◆ Problem
Look for the word "walls" in the entries and copy every line where it shows up.

◆ Entries provided
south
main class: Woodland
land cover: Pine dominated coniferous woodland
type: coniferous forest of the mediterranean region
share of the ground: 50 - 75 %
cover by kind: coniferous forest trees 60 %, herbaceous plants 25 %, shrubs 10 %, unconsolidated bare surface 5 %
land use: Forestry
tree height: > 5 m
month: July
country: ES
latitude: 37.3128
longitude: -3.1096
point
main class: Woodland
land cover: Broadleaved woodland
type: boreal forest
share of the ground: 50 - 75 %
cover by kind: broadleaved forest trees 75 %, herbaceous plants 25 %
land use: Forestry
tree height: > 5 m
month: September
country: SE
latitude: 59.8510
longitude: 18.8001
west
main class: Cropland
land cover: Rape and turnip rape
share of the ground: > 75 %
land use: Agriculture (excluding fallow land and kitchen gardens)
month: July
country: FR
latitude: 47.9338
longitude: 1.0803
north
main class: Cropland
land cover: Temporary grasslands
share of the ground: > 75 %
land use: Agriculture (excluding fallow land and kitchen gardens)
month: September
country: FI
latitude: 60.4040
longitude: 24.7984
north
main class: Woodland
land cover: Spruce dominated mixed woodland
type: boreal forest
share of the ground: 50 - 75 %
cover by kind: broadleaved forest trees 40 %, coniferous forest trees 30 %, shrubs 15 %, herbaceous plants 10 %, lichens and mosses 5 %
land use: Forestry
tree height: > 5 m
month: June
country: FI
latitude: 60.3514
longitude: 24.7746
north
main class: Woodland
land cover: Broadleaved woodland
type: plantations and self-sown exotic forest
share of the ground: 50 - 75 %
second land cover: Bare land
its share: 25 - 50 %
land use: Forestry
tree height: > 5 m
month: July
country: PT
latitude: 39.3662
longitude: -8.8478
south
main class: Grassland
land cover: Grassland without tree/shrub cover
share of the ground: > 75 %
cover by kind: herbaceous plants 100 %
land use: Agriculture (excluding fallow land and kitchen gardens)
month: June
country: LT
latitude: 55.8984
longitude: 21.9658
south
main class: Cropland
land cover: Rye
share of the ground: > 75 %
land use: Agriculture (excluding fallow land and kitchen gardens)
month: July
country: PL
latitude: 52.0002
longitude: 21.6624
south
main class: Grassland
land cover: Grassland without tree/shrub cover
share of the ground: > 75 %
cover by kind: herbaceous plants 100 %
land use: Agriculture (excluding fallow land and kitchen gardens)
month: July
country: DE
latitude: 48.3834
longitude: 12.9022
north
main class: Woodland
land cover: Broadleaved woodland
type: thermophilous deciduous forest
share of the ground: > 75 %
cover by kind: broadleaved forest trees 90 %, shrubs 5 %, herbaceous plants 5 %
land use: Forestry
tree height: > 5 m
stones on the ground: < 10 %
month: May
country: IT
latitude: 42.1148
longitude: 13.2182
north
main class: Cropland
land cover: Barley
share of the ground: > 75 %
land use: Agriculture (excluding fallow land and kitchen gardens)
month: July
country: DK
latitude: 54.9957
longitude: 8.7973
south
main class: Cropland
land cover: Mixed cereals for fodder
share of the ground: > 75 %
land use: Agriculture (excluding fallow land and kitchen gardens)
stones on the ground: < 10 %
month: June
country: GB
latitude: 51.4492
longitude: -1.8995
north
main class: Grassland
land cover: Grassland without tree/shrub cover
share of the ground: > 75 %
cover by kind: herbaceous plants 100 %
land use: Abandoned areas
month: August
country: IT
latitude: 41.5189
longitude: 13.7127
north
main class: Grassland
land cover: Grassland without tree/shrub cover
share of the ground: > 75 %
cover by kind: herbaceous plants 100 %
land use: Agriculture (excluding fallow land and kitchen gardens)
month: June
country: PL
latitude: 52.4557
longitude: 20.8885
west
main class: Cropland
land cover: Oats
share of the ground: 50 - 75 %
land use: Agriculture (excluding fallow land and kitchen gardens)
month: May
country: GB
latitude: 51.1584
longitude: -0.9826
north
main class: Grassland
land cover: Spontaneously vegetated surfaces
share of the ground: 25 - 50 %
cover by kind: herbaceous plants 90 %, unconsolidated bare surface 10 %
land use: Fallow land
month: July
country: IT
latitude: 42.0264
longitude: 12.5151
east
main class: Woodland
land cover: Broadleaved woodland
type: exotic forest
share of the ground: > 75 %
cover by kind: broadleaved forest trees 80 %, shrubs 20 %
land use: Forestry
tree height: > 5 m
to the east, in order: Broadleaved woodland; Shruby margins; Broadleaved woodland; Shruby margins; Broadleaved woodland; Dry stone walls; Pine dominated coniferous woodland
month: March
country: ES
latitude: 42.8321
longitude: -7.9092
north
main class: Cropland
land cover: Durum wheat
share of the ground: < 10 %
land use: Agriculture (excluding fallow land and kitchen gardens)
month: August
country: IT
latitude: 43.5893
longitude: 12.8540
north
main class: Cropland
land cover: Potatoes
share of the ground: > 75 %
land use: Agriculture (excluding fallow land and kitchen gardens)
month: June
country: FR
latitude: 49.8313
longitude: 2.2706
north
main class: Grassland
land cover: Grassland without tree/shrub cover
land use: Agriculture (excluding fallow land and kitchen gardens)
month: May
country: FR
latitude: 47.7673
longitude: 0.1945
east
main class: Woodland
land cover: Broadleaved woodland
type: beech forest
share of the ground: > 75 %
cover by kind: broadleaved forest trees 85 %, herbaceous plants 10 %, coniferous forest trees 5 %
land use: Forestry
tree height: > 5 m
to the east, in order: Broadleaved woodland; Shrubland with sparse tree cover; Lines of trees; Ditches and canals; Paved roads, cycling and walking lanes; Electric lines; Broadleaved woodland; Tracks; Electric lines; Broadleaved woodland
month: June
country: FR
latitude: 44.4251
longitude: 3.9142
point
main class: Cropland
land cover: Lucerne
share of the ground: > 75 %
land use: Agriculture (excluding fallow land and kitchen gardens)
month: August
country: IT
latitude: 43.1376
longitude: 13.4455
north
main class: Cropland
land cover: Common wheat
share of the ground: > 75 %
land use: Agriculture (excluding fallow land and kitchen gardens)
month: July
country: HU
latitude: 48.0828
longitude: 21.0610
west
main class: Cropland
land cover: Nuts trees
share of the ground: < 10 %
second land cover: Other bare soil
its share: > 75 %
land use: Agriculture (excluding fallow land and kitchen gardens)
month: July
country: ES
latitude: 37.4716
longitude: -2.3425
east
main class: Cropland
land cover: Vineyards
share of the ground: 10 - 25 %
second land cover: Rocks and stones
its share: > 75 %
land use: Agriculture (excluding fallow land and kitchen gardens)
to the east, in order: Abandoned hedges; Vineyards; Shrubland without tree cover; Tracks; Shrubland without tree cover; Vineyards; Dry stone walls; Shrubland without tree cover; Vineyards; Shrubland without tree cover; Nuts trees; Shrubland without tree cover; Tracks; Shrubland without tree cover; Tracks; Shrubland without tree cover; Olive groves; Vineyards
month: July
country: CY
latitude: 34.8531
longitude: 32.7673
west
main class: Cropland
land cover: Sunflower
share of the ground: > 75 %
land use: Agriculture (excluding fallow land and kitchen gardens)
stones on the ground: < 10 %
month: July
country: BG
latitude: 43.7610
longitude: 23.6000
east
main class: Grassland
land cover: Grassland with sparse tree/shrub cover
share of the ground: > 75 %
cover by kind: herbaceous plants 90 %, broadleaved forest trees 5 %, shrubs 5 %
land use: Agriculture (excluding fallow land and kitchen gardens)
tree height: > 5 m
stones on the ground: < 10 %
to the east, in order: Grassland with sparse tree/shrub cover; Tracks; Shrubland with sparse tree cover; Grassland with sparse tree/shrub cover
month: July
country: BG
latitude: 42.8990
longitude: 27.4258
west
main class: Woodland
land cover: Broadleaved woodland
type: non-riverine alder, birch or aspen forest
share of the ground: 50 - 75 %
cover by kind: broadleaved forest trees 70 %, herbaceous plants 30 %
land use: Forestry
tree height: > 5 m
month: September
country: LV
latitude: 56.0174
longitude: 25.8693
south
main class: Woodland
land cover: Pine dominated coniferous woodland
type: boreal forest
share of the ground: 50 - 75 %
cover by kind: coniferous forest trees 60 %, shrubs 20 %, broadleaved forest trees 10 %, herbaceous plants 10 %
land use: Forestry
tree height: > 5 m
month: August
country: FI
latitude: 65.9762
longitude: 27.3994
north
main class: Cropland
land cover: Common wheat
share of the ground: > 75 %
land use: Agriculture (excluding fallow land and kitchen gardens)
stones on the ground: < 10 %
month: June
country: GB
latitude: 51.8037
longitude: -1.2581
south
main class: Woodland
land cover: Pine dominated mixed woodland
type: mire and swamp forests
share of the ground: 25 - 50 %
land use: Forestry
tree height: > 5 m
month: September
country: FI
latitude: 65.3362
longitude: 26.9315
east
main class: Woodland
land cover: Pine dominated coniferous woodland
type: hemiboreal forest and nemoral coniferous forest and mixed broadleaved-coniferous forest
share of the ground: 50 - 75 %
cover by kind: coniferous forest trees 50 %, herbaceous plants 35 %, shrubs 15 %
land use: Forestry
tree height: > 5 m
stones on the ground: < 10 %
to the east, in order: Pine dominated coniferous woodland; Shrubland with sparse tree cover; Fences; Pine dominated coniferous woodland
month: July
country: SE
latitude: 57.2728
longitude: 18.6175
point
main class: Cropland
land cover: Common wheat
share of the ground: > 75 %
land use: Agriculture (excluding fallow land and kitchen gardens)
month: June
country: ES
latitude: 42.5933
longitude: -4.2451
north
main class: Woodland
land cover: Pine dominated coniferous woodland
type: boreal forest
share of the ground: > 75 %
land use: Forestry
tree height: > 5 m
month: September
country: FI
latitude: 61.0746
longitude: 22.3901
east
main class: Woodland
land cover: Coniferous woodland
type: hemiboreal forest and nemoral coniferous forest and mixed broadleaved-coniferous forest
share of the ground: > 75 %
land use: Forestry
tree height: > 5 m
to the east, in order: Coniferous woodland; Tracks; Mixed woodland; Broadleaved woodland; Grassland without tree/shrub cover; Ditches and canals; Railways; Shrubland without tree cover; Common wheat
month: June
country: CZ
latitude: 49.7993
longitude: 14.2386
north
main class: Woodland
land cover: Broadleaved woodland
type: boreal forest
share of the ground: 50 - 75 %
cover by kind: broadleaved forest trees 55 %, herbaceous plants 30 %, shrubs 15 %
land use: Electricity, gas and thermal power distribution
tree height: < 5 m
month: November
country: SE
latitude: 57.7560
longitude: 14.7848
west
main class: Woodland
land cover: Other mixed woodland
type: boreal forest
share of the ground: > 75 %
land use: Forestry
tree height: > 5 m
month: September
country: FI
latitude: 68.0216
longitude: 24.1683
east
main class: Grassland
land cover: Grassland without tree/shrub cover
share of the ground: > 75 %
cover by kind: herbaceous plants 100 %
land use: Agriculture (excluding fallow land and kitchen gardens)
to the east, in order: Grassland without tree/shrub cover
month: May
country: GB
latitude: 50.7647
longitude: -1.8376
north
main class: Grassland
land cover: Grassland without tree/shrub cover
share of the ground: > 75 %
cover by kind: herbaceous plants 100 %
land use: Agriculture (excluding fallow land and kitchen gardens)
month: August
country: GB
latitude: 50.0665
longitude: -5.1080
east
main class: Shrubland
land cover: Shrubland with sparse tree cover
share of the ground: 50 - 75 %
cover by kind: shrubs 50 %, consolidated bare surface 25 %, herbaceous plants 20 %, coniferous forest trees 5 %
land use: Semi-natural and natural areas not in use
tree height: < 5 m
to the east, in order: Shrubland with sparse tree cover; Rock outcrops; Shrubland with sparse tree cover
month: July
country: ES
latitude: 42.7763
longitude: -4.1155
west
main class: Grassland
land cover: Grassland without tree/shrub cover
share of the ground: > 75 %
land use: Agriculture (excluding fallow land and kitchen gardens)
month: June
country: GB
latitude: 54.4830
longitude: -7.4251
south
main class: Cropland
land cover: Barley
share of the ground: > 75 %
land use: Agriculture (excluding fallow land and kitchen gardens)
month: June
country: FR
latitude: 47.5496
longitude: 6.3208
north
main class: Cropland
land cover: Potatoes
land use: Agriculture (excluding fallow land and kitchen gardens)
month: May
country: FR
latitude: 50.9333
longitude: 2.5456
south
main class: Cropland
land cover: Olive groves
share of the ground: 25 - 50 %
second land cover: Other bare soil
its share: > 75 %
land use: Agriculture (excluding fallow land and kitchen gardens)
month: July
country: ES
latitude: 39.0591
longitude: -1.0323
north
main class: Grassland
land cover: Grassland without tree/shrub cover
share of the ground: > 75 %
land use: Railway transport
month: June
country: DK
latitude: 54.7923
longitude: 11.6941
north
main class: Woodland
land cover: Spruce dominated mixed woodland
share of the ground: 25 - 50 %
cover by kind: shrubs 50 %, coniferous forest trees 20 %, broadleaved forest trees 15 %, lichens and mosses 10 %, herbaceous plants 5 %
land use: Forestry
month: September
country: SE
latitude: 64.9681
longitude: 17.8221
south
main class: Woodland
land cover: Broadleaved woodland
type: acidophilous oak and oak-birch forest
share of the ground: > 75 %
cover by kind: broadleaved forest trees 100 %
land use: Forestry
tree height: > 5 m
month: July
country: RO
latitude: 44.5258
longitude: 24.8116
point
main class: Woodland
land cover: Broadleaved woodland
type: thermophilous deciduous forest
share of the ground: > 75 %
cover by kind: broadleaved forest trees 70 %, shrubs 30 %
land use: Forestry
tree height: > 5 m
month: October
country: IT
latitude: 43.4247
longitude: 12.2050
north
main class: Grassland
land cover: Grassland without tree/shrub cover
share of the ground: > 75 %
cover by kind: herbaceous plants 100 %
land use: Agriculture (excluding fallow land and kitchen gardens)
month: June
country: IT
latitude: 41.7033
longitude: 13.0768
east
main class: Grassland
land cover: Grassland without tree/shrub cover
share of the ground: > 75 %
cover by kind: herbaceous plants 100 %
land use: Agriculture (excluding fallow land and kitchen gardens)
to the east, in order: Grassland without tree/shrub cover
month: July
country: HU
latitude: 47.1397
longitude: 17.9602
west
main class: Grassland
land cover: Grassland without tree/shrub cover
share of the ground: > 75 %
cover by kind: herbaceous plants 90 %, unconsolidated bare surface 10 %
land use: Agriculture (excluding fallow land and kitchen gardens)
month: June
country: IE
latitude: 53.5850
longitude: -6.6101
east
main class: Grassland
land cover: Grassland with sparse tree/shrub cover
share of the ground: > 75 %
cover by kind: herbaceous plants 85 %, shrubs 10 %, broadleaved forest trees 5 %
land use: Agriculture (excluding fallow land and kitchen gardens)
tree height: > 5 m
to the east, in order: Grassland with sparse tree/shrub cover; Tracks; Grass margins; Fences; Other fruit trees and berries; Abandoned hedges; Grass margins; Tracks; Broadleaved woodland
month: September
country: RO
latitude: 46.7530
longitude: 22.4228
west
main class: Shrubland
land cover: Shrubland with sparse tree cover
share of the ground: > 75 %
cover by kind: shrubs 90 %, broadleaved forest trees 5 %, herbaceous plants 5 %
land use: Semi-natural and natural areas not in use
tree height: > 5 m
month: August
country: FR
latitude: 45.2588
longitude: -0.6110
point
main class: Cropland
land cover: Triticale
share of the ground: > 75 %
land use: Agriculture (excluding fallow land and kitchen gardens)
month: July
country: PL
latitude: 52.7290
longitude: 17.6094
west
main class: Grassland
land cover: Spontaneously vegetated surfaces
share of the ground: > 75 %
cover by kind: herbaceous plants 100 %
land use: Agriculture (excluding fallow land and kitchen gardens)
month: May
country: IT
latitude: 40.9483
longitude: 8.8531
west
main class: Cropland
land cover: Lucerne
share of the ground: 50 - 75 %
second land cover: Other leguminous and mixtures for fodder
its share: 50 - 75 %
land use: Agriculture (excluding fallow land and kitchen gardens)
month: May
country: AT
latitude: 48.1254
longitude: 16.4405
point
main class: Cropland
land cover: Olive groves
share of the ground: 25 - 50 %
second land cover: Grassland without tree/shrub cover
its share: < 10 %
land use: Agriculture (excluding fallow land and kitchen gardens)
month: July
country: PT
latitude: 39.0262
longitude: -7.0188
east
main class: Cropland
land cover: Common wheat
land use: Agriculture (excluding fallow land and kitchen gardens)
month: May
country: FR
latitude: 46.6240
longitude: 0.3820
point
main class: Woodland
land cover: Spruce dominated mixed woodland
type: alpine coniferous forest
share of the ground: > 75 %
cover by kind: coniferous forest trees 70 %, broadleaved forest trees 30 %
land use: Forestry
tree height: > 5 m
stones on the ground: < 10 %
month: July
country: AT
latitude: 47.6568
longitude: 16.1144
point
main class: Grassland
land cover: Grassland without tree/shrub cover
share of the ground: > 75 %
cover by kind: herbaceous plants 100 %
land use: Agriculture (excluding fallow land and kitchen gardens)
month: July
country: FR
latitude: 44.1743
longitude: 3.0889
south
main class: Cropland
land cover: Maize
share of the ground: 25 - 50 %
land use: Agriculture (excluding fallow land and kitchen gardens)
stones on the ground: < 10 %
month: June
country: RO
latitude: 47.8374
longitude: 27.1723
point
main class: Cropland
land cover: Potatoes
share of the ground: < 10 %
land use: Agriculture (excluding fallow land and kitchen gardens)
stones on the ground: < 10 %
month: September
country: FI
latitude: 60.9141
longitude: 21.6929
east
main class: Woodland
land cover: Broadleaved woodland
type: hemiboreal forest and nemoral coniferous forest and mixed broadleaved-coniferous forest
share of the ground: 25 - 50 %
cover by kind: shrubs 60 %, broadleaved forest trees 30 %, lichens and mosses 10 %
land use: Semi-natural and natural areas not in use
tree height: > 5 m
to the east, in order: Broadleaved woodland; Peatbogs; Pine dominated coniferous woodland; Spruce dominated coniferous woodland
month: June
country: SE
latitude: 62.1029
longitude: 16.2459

◆ Result
to the east, in order: Broadleaved woodland; Shruby margins; Broadleaved woodland; Shruby margins; Broadleaved woodland; Dry stone walls; Pine dominated coniferous woodland
to the east, in order: Abandoned hedges; Vineyards; Shrubland without tree cover; Tracks; Shrubland without tree cover; Vineyards; Dry stone walls; Shrubland without tree cover; Vineyards; Shrubland without tree cover; Nuts trees; Shrubland without tree cover; Tracks; Shrubland without tree cover; Tracks; Shrubland without tree cover; Olive groves; Vineyards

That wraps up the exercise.